Ciri-ciri Partisipasi Politik Warga Negara

Adapun Ramlan Surbakti (dalam Arifin Rahmat, 1998: 128) menyebutkan bahwa partisipasi politik adalah keikutsertaan warga negara biasa dalam menentukan segala keputusan yang menyangkut atau memengaruhi hidupnya.

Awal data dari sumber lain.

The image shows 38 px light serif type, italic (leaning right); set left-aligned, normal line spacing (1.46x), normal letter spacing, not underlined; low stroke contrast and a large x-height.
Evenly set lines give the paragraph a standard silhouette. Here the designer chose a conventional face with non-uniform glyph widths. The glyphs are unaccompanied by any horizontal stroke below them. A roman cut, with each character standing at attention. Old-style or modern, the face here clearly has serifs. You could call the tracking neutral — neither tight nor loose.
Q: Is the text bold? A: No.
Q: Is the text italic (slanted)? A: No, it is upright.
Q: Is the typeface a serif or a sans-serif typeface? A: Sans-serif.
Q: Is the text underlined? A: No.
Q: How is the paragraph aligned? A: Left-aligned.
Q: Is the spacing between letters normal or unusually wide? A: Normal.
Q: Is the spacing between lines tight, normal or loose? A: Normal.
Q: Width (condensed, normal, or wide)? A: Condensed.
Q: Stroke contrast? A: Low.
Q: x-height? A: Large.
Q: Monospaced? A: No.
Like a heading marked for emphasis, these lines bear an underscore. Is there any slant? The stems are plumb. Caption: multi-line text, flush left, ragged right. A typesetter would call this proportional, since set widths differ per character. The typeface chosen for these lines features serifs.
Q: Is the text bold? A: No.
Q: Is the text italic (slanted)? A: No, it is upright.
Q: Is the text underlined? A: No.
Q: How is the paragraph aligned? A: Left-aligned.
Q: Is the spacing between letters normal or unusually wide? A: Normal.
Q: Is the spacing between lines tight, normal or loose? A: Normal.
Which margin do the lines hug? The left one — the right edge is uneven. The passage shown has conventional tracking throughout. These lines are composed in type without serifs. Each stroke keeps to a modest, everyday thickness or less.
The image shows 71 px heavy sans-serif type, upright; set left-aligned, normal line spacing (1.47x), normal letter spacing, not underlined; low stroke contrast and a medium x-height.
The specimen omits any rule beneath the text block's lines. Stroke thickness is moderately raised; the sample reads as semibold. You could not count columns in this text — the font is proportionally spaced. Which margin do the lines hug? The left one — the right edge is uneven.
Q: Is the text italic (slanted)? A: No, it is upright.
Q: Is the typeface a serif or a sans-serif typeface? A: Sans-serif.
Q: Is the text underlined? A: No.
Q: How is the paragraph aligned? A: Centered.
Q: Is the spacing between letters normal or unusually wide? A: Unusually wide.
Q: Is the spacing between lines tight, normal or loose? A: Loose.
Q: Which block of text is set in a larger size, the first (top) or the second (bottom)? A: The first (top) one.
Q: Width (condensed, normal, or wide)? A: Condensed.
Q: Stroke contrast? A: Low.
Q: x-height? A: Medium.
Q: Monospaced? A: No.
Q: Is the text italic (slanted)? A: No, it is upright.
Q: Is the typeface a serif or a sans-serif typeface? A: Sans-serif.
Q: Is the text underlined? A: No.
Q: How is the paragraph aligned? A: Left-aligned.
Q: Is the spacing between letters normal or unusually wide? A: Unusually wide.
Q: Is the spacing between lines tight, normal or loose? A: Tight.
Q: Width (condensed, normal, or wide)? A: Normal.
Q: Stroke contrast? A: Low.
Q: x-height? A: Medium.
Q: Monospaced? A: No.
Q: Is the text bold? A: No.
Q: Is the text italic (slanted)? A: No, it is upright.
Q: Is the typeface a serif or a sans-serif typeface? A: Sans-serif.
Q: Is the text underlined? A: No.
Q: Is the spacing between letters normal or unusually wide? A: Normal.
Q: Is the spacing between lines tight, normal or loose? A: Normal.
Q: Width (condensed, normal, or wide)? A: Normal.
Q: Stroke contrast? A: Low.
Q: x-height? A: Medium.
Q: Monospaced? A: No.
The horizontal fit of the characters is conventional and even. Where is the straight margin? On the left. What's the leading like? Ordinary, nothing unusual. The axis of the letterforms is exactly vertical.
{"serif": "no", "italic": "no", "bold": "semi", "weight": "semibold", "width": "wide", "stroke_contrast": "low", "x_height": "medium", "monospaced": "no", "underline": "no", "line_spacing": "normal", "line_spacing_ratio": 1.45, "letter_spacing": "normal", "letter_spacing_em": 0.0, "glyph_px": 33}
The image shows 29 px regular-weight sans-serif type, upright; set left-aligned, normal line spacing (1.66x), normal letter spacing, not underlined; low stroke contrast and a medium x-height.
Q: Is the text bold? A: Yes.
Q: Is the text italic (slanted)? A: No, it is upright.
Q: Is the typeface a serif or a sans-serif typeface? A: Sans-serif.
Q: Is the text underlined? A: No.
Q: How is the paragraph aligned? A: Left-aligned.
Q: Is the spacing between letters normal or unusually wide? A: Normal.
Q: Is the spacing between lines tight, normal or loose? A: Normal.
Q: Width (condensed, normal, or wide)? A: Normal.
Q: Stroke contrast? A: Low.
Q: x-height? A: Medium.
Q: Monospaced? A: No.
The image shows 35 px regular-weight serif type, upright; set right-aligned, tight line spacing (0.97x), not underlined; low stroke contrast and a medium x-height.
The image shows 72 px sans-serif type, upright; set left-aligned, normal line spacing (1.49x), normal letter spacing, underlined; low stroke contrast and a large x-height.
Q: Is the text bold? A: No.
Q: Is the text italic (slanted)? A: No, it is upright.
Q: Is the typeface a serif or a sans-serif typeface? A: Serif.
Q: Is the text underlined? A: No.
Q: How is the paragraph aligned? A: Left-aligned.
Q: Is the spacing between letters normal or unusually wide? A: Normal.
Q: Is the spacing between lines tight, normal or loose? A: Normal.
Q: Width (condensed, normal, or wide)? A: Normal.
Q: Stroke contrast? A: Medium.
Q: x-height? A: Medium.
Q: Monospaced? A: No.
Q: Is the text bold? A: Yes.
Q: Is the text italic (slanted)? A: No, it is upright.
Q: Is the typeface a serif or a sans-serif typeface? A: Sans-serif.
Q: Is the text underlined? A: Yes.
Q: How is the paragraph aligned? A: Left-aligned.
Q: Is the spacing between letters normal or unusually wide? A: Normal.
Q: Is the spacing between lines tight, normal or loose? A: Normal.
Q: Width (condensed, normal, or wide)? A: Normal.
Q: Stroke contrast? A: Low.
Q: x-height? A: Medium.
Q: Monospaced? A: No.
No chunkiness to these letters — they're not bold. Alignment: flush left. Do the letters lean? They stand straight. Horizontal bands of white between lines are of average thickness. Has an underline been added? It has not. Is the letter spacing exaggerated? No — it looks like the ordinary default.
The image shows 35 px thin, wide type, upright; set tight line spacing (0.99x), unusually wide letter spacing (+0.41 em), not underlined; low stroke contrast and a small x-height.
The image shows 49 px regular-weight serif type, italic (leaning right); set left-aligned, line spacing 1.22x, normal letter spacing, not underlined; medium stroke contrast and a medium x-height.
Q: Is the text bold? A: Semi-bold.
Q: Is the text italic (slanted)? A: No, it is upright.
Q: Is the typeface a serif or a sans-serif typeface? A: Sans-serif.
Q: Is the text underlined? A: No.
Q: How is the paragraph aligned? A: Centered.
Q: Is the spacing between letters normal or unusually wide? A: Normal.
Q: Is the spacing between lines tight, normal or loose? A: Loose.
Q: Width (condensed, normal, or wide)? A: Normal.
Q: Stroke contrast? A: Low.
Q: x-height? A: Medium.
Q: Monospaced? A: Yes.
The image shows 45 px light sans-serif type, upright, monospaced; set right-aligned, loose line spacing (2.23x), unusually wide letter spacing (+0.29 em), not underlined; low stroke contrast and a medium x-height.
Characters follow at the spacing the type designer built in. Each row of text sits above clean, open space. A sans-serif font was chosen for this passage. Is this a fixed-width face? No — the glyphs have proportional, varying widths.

Ciri-ciri yang terdapat di dalamnya antara lain sebagai berikut:

a.   Berupa kegiatan atau perilaku luar individu warga negara biasa yang dapat diamati, bukan perilaku batiniah berupa sikap dan orientasi.
b.   Kegiatan itu diarahkan untuk memengaruhi pemerintah selaku pembuat dan pelaksana keputusan politik.
c.   Kegiatan yang berhasil (efektif) ataupun yang gagal memengaruhi pemerintah termasuk dalam konsep partisipasi politik.
d.   Kegiatan memengaruhi pemerintah dapat dilakukan secara langsung ataupun secara tidak langsung. Kegiatan langsung berarti individu memengaruhi pemerintah tanpa menggunakan perantara. Sedangkan kegiatan tidak langsung berarti individu memengaruhi pemerintah melalui pihak lain yang dianggap dapat meyakinkan pemerintah.
e.   Kegiatan memengaruhi pemerintah dapat dilakukan, baik melalui prosedur wajar (konvensional) dan tidak berupa kekerasan (nonviolence), seperti ikut memilih dalam pemilihan umum, mengajukan petisi, melakukan kontak tatap muka, dan menulis surat, maupun dengan kekerasan (violence), seperti demonstrasi, pembang-kangan halus (seperti lebih memilih kotak kosong daripada memilih calon yang disodorkan pemerintah), huru-hara, mogok, pembangkangan sipil, serangan bersenjata, dan gerakan-gerakan politik serta revolusi.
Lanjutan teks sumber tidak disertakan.